All about appearances and insults: Early modern biographies of scholars

Julius Caesar Scaliger’s (1484-1558) extensive insults and his son Joseph Justus’s (1540-1609) “venerable face”: early modern biographical writing often contained some noteworthy details. What Antoine Teissier (1632-1715) considered important to mention about Julius Scaliger, for instance, was that he called Erasmus a “parasite”. In a genre that was focused on scholarship, it is remarkable that details like these were included as well: they do not correspond to an image of serious intellectuals who occupied themselves with highbrow topics.

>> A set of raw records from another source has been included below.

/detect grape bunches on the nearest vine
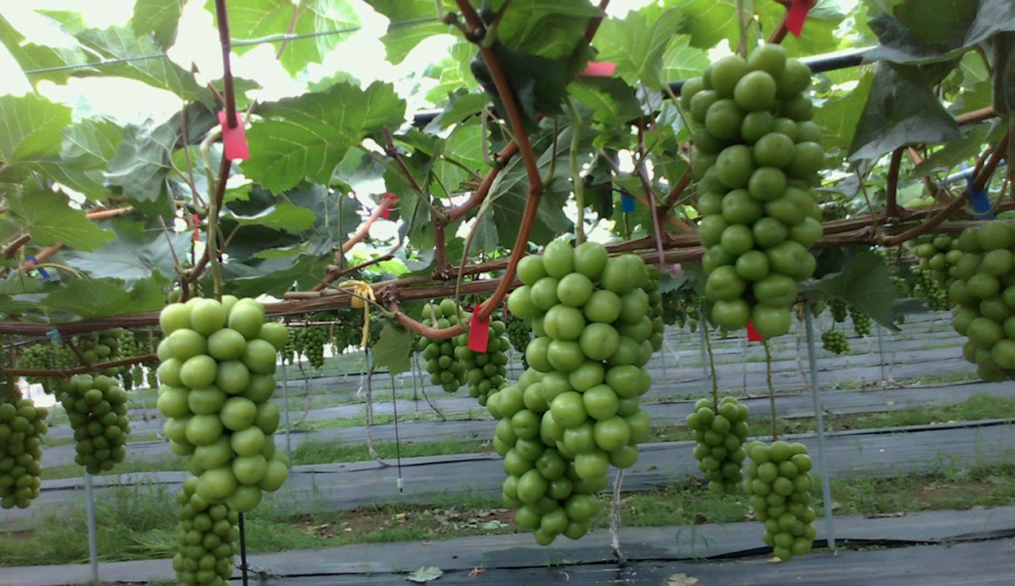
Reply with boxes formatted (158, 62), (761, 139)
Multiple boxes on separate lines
(507, 239), (654, 479)
(484, 367), (608, 547)
(155, 295), (292, 514)
(679, 43), (823, 339)
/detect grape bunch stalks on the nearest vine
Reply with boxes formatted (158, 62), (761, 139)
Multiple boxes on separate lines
(201, 132), (223, 301)
(737, 0), (747, 58)
(565, 98), (587, 244)

The following example of early modern life-writing illustrates a way in which serious scholarship and something that is closer to gossip could come together.

Title page of Les Eloges des hommes Sçavans (1696)

The rise of early modern biographical writing including vitae, commentarii and eulogies, began in Italy in the fifteenth century and became a widespread practice throughout early modern Europe. Authors of “lives” took a considerable amount of freedom in adapting the classical ancient models for biographies. This accounts for the inconsistency in form within the genre. The subjects included notable scholars, churchmen, courtiers and statesmen, among others.[1] However, the biographers did not only focus on their subjects. As historian James Weiss explains, they aimed to set an example by providing “moral instruction, political counsel, and argument for a wider agenda.”[2]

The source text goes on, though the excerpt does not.